▸ **What you have to do**
Could you copy every line of the data that contains the word "style"?

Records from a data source
——

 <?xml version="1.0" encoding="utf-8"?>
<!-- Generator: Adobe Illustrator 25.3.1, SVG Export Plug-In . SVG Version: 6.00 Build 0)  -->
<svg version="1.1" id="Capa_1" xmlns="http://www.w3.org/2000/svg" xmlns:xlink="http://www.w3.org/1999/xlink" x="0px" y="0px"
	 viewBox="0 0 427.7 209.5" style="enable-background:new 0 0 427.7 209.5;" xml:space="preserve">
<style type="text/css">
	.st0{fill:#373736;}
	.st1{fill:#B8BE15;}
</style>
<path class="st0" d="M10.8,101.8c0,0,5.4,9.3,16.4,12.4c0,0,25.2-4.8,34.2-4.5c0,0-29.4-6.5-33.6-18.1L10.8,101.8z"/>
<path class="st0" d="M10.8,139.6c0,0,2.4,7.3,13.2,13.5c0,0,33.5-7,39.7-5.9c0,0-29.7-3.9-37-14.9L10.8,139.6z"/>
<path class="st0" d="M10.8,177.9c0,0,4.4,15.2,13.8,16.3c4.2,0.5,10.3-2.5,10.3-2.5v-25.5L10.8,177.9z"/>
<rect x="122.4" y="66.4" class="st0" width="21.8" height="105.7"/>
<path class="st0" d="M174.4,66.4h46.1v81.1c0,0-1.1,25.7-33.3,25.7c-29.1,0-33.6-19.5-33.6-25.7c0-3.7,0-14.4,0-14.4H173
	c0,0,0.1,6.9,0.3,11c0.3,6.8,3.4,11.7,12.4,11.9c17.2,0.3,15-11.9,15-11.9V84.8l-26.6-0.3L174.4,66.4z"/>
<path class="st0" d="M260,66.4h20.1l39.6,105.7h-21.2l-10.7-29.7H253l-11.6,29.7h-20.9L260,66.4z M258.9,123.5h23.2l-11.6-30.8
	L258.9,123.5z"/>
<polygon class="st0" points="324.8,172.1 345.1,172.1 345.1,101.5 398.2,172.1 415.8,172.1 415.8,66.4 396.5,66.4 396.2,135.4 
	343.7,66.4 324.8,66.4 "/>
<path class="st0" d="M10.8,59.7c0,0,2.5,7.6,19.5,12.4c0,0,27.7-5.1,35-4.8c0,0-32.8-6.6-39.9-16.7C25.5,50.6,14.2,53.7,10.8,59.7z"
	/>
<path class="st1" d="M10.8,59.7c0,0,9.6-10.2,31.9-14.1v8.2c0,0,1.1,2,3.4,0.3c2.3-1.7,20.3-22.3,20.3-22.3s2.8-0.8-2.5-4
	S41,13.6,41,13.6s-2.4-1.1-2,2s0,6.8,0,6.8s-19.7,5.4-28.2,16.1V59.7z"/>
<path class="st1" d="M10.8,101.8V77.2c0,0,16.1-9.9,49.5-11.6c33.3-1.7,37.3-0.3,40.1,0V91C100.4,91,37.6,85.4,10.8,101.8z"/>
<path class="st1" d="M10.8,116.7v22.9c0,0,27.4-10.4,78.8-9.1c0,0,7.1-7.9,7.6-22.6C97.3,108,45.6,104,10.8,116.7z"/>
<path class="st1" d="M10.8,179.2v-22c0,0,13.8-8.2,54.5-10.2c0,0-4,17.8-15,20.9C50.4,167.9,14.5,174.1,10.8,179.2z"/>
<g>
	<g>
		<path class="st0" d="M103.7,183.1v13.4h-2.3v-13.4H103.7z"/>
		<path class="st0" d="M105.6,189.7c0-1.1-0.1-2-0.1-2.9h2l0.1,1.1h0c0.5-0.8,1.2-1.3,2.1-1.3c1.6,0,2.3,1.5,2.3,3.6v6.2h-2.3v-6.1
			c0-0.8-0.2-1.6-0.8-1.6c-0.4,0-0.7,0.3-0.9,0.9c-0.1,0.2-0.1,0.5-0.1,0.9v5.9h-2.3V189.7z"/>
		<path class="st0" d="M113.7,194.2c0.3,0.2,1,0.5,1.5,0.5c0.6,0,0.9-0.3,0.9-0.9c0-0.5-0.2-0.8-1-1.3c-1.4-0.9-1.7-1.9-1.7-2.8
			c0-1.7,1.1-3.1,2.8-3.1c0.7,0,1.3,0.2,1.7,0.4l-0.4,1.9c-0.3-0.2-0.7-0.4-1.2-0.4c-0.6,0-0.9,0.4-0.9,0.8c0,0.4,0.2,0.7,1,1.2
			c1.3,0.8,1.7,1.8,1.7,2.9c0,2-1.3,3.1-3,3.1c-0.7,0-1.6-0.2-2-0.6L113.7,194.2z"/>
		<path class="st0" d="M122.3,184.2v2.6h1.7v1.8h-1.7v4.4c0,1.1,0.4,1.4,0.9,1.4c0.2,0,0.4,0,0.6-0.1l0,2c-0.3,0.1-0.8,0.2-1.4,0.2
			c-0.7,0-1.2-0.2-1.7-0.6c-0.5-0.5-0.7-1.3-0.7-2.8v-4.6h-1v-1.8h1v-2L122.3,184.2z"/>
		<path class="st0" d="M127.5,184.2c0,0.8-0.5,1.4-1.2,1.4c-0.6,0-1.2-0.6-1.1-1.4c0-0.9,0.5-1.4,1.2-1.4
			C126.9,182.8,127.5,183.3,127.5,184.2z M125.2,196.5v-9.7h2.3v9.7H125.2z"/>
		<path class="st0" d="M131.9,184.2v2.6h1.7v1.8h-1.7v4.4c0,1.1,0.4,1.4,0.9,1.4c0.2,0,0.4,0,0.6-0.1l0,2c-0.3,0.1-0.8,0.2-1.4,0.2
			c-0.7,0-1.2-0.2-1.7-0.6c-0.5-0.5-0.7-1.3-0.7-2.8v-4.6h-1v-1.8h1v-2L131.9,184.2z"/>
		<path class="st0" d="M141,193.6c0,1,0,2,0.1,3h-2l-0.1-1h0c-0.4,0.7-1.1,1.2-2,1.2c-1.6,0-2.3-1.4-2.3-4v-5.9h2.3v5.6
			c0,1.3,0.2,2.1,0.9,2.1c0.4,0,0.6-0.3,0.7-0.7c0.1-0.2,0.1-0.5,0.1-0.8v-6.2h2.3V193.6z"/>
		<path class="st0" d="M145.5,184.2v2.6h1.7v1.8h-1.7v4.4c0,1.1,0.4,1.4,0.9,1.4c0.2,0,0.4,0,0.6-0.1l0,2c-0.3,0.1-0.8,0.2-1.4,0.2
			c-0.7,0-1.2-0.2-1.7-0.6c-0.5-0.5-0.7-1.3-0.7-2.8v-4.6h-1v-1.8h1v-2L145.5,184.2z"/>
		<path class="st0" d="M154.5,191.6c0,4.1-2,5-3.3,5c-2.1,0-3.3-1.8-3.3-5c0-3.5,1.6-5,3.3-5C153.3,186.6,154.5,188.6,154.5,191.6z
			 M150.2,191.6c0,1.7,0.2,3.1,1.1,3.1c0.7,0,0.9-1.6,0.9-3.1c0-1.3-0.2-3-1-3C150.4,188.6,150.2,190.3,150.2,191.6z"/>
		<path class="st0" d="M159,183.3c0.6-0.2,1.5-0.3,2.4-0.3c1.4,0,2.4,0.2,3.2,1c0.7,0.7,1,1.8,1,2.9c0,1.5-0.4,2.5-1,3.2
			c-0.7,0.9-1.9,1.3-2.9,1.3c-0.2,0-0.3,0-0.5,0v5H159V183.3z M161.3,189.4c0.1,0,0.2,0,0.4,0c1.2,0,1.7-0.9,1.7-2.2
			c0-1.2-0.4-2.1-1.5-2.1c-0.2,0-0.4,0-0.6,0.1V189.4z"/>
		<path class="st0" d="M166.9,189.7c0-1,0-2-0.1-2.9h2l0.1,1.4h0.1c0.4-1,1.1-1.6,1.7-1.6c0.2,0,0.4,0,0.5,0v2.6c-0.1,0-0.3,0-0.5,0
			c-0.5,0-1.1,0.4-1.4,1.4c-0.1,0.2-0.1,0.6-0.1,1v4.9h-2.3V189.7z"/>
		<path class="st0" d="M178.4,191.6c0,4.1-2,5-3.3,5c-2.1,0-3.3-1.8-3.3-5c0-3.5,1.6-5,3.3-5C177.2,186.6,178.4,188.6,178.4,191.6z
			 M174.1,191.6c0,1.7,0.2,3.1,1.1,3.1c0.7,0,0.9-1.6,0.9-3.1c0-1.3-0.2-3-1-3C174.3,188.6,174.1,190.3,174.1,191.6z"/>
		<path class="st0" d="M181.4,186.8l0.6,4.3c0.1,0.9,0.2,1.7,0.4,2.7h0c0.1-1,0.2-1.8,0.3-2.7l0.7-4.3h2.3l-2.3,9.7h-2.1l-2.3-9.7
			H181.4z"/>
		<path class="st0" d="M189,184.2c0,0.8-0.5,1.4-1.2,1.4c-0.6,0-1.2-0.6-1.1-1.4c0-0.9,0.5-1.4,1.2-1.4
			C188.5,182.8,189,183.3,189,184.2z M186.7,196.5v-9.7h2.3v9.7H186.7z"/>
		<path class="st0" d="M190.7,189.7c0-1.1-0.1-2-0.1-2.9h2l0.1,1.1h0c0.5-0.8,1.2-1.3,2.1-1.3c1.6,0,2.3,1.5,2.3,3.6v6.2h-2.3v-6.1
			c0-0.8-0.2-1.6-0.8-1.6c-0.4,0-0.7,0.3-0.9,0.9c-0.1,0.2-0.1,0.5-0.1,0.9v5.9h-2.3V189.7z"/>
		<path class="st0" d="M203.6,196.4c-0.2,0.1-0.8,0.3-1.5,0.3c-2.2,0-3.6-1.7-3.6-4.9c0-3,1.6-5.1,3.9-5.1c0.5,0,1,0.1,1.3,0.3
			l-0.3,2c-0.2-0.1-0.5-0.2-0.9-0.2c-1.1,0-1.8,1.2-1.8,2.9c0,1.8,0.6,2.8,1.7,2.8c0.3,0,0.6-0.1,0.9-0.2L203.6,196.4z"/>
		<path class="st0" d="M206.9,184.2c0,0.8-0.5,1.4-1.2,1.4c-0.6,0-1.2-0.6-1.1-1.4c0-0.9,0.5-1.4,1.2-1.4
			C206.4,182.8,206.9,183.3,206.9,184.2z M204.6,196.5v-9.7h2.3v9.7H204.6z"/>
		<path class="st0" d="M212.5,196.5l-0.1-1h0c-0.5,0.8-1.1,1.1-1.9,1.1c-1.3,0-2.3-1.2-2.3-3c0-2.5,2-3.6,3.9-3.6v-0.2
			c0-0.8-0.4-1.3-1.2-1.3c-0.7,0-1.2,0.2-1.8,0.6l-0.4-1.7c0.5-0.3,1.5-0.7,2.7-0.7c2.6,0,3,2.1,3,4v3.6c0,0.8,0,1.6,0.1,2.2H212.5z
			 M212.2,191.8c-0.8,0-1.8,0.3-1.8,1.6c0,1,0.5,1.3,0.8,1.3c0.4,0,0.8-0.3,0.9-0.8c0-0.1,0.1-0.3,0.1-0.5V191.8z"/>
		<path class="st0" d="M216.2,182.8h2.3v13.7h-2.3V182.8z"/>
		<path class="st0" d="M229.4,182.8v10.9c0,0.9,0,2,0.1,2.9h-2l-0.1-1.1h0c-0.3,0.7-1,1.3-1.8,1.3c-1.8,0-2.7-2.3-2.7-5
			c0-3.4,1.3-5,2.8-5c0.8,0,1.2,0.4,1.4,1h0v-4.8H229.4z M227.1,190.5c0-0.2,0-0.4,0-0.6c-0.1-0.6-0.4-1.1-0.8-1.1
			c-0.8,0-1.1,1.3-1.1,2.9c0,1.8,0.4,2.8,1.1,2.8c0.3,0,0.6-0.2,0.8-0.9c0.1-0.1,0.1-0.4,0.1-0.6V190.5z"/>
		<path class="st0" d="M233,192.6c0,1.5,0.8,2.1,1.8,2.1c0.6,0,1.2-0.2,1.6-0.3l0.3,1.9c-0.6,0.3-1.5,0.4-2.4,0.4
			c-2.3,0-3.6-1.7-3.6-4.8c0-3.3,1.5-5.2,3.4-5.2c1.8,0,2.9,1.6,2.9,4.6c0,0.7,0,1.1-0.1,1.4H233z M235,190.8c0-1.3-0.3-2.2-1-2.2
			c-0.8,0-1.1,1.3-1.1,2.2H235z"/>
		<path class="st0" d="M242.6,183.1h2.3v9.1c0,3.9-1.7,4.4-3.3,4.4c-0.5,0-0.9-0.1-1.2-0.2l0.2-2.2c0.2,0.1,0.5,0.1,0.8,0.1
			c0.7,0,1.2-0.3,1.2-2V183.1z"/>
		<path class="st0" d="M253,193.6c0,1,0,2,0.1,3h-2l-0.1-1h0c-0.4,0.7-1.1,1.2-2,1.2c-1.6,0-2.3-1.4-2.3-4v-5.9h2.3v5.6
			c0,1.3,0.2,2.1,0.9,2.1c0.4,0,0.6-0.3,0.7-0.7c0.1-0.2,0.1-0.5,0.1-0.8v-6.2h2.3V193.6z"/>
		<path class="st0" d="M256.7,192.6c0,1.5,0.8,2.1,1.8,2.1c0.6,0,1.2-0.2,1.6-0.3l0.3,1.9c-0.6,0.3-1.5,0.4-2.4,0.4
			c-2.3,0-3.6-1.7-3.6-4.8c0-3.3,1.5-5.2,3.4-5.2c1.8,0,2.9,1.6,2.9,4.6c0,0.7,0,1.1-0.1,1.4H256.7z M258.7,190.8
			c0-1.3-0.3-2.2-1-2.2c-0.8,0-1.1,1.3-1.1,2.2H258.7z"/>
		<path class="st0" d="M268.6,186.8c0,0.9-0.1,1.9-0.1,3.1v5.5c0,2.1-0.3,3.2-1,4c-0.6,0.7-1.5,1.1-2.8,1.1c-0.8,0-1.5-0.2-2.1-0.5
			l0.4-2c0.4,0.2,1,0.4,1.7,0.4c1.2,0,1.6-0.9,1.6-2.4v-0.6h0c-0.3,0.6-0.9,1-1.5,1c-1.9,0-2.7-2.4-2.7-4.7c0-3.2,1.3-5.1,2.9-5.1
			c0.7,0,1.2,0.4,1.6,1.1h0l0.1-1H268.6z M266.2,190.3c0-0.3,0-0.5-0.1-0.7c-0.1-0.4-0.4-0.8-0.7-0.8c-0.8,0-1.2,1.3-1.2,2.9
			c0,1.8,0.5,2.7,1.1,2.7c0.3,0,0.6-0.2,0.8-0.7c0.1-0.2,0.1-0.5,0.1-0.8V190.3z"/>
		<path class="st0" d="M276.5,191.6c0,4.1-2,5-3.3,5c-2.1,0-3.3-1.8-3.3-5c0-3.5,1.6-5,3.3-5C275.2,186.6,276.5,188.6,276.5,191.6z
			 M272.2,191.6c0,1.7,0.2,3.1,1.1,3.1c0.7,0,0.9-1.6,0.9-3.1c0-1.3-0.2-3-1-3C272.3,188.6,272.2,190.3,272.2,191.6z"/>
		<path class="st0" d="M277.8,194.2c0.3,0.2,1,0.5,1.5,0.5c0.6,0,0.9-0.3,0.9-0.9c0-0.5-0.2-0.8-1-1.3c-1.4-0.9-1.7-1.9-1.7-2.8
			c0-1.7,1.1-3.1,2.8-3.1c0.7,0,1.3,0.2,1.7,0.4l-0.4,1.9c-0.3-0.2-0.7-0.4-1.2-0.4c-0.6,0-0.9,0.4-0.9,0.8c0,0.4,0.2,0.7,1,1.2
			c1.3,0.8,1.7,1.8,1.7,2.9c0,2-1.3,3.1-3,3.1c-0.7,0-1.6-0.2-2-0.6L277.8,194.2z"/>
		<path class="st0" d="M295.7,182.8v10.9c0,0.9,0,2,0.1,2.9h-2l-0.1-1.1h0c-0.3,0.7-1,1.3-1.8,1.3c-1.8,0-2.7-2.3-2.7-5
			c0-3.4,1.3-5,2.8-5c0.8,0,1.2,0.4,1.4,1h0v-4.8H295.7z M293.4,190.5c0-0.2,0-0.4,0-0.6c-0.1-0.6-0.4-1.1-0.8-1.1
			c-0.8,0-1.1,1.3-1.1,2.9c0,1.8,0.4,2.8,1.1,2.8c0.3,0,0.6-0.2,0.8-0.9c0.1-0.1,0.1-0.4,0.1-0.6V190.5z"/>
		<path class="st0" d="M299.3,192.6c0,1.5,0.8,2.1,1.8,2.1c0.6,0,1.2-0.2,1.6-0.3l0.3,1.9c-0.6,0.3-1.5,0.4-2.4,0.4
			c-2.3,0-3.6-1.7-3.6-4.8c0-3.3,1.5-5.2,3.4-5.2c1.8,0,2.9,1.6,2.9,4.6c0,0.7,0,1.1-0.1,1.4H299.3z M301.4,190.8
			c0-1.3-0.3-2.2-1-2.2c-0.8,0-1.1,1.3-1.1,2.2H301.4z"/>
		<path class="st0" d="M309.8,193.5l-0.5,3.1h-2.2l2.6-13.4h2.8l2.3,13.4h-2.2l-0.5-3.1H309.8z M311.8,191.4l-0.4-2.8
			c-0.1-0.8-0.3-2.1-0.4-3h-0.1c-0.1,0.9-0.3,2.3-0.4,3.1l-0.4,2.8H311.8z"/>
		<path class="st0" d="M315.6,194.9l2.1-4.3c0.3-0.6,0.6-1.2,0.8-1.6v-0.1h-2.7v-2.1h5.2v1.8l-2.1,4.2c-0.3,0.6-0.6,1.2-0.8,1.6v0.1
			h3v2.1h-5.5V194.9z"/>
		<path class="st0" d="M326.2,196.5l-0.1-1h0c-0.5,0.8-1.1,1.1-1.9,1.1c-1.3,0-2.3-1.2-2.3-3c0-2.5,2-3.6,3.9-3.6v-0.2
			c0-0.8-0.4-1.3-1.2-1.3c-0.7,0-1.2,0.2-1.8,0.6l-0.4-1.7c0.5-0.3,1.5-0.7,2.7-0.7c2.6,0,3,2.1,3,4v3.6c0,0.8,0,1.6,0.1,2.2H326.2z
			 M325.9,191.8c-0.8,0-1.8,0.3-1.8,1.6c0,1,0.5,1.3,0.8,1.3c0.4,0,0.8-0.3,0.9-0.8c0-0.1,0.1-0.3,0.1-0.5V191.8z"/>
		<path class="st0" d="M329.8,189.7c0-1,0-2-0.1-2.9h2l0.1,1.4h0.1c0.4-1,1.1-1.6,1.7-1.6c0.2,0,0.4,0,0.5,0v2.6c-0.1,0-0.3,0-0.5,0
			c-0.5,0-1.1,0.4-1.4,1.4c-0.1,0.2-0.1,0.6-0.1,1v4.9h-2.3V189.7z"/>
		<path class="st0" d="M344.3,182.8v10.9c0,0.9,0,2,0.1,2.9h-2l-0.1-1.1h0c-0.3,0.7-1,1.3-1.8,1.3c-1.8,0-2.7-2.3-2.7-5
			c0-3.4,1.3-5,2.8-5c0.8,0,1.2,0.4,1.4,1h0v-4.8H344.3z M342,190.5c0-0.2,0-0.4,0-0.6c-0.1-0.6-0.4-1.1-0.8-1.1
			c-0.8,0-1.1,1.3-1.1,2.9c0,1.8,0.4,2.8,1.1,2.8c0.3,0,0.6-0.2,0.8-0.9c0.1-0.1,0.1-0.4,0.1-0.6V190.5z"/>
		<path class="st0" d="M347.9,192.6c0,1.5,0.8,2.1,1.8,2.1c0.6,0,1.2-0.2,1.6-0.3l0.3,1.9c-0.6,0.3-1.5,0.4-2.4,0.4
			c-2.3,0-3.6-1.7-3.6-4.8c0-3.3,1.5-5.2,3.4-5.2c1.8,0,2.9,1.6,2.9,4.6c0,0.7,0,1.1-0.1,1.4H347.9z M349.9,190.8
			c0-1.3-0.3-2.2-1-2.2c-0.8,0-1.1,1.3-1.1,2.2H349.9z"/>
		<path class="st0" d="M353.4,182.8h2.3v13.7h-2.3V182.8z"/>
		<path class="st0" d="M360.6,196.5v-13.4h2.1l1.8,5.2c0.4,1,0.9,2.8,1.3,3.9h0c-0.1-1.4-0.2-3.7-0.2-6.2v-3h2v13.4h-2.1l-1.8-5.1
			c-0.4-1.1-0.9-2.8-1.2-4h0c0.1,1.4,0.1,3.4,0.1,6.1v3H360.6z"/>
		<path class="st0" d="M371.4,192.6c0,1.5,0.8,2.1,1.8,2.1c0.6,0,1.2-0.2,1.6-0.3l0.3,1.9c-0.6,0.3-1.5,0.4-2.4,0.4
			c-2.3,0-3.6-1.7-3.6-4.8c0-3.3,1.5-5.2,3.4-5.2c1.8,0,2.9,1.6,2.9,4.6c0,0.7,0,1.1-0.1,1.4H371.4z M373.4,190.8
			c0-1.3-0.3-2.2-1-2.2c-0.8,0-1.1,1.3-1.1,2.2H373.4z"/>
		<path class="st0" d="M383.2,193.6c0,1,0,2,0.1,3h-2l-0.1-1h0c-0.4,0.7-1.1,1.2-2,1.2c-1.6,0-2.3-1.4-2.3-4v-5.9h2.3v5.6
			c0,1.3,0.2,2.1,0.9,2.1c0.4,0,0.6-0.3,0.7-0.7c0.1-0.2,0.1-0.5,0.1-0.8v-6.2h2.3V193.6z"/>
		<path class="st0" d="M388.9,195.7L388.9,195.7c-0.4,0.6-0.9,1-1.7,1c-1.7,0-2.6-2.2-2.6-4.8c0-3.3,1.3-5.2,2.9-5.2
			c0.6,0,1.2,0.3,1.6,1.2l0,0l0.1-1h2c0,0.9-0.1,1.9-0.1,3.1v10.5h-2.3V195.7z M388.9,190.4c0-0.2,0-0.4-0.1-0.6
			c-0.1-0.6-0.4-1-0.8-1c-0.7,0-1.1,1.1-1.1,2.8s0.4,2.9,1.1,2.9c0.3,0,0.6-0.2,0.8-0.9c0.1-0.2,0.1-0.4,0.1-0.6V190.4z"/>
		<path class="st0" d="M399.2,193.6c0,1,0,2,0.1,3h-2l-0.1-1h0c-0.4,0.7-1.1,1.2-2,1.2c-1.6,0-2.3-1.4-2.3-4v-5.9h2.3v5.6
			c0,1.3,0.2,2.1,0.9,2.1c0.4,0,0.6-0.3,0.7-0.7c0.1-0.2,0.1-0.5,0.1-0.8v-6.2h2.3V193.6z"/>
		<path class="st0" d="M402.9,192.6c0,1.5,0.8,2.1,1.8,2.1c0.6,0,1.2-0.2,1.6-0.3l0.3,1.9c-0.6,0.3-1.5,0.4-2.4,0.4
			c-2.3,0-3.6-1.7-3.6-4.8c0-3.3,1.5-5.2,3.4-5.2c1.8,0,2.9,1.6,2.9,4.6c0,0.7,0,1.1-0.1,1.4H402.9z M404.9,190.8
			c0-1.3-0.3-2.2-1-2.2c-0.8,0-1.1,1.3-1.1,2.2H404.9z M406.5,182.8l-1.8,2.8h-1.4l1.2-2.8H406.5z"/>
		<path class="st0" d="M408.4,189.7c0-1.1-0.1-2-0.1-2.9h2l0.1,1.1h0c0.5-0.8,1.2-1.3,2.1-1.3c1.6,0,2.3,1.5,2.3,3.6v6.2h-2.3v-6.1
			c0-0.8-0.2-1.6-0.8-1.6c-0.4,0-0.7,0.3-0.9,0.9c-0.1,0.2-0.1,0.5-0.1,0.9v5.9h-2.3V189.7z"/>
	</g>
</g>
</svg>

——

▸ **Your solution**
	 viewBox="0 0 427.7 209.5" style="enable-background:new 0 0 427.7 209.5;" xml:space="preserve">
<style type="text/css">
</style>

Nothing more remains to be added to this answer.